# b14 fog lights



## DjSpeed247 (Apr 13, 2009)

whats up ever body is it possable to wire your fog lights so they stay on when you put your brihts on


----------



## mattdc_07 (Aug 3, 2008)

yes there is, you have 2 options in doing this...
1. would be to rewire the fog lights completely
2. would be to find the pink and blue wire coming from the factory relay and either wire it to a switch or to the park light.
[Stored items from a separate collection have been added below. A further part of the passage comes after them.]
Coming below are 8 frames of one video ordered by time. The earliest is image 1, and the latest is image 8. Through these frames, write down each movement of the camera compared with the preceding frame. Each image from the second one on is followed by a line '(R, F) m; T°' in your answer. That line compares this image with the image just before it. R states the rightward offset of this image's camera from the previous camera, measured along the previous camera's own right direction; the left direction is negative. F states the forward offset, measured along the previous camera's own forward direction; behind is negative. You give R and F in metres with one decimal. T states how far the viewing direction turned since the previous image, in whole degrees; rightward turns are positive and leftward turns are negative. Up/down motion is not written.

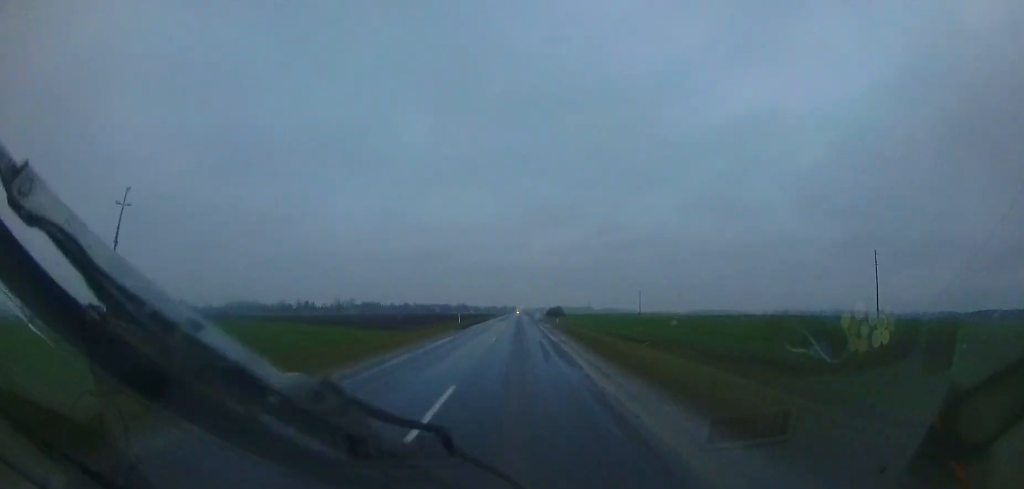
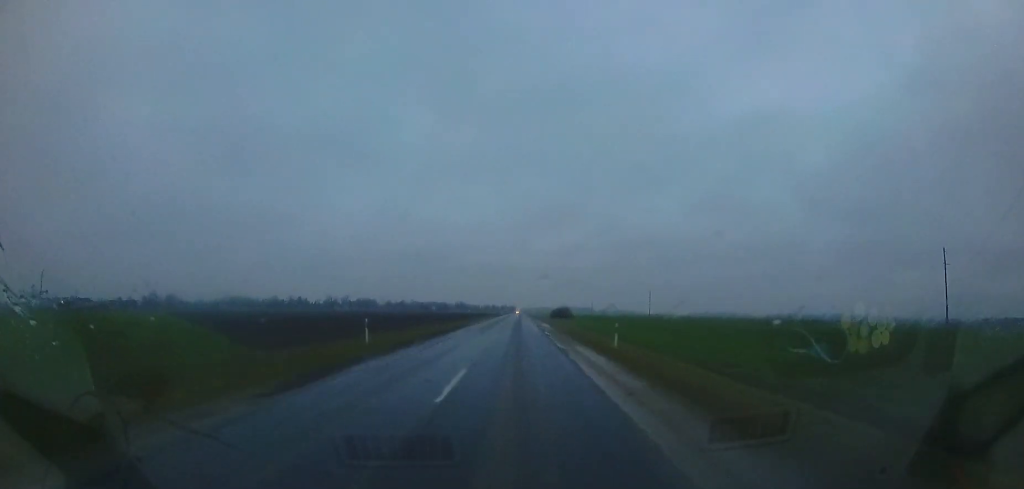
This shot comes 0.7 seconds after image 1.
(+0.2, +22.3) m; +1°
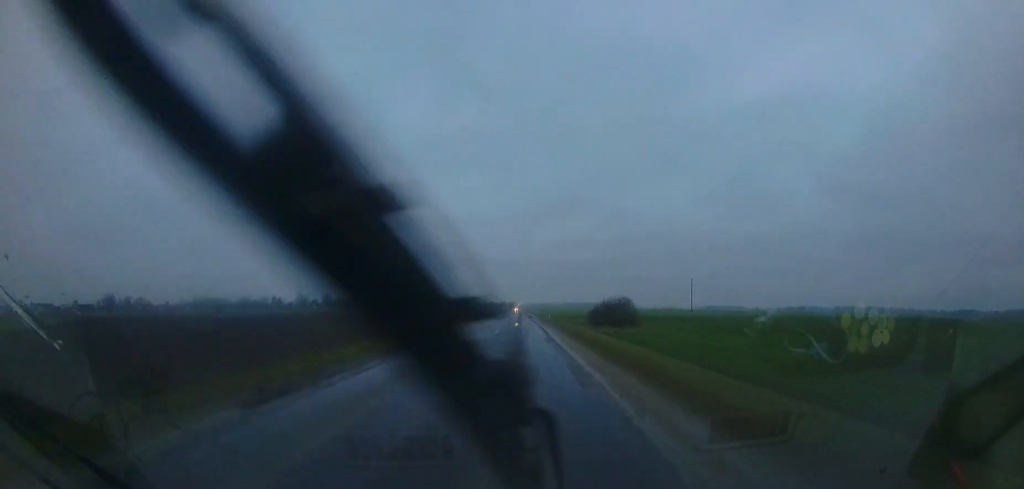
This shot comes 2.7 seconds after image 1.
(0.0, +69.0) m; 0°
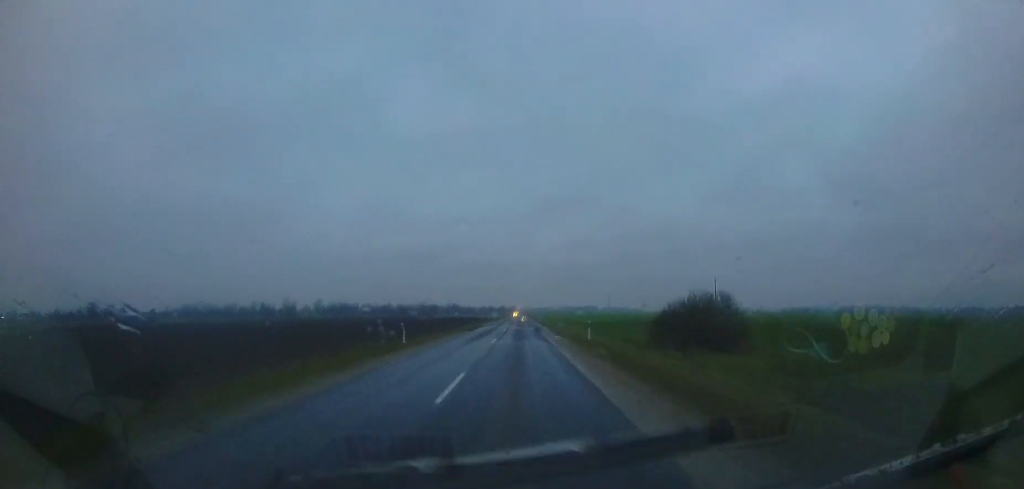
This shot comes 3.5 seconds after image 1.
(+0.1, +26.7) m; 0°
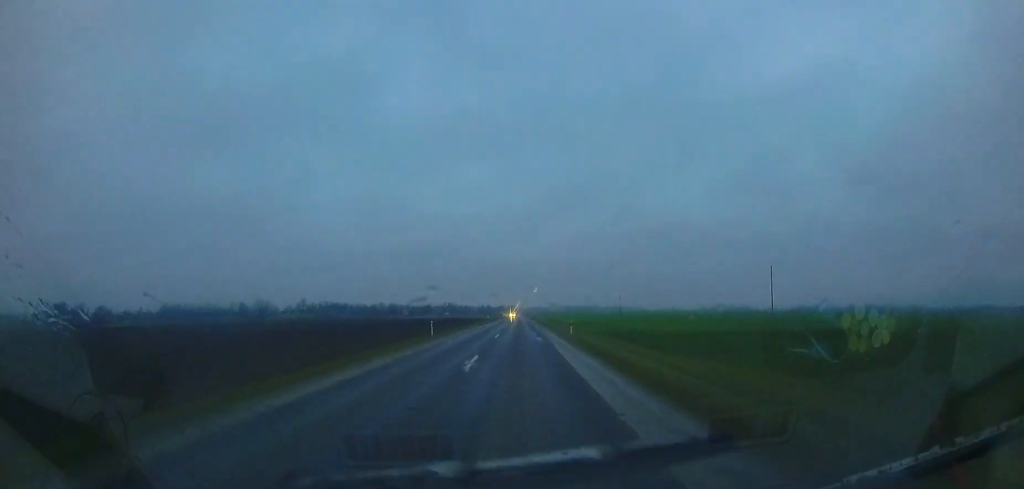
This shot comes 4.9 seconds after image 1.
(+0.1, +44.4) m; 0°
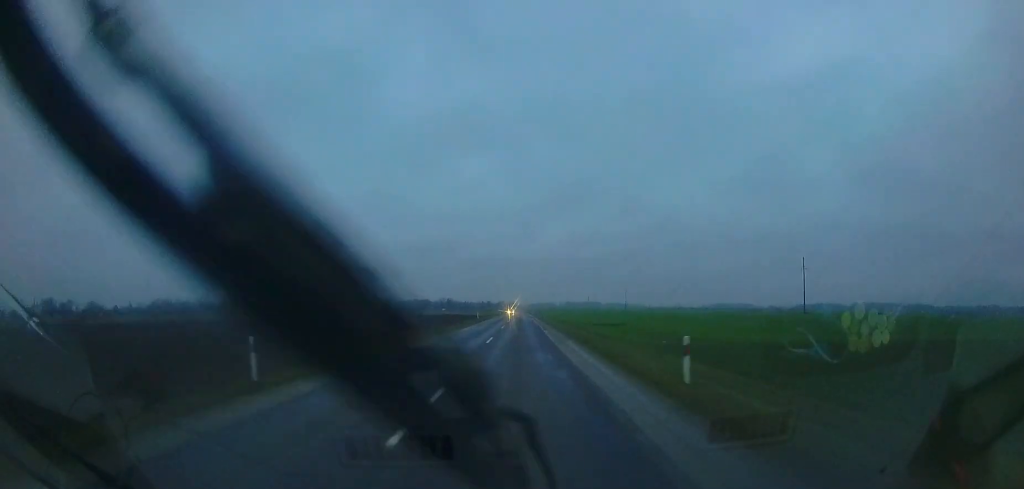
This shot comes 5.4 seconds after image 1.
(-0.1, +17.7) m; 0°
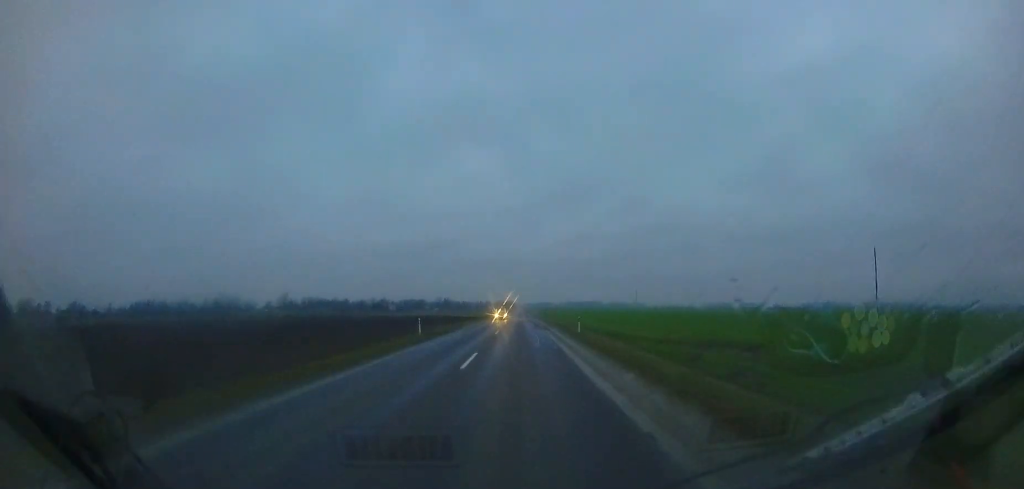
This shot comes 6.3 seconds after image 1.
(0.0, +31.1) m; 0°
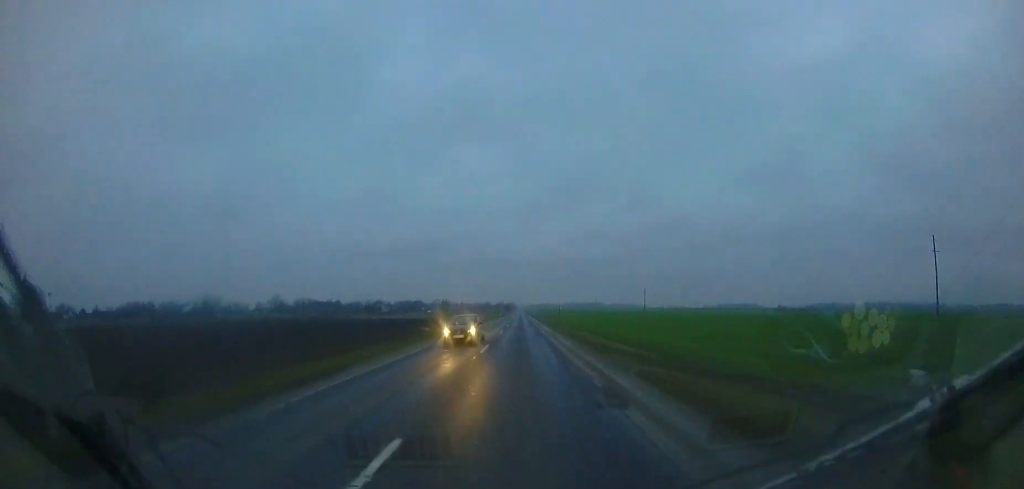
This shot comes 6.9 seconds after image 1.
(0.0, +19.9) m; -1°

And there are also a couple of things you also may want to know, first off being that in some states fog lights are not legal to run unless it is foggy outside, and what ever you run that wire to, any time that wire receives power the fog lights will come on.


----------



## DjSpeed247 (Apr 13, 2009)

cool man have you done this your self


----------



## mattdc_07 (Aug 3, 2008)

well in a way, I put foglights on my car that came factory with no fog lights, and I also have a haynes manual that has the wiring diagram in it.
But in my opion your easyest way would be to wire into the factory harness and run the power to a park light, much simpiler and I like to just have foglights on sometimes(looks cool).
And another thing there is a piece of sheet medal in the foglight covering the bulb, if you cut that peice of medal off the fog lights are 3 times as bright


----------



## azkicker0027 (May 31, 2002)

mattdc_07 said:


> well in a way, I put foglights on my car that came factory with no fog lights, and I also have a haynes manual that has the wiring diagram in it.
> But in my opion your easyest way would be to wire into the factory harness and run the power to a park light, much simpiler and I like to just have foglights on sometimes(looks cool).
> And another thing there is a piece of sheet medal in the foglight covering the bulb, if you cut that peice of medal off the fog lights are 3 times as bright


i highly agree with using the park light signal for switching on the fog.
i also did that shield delete and it scatters the light more. the drawback though is added glare to oncoming traffic and aligning the foglamp level is a bit more tedious since that "shadow line" is gone.


----------



## mattdc_07 (Aug 3, 2008)

What I had to do about adjusting the lights is take the top bolt out and put a washer between the mount bracket and the fog light and it works perfectly.
And my lights still have the shadow line though.


----------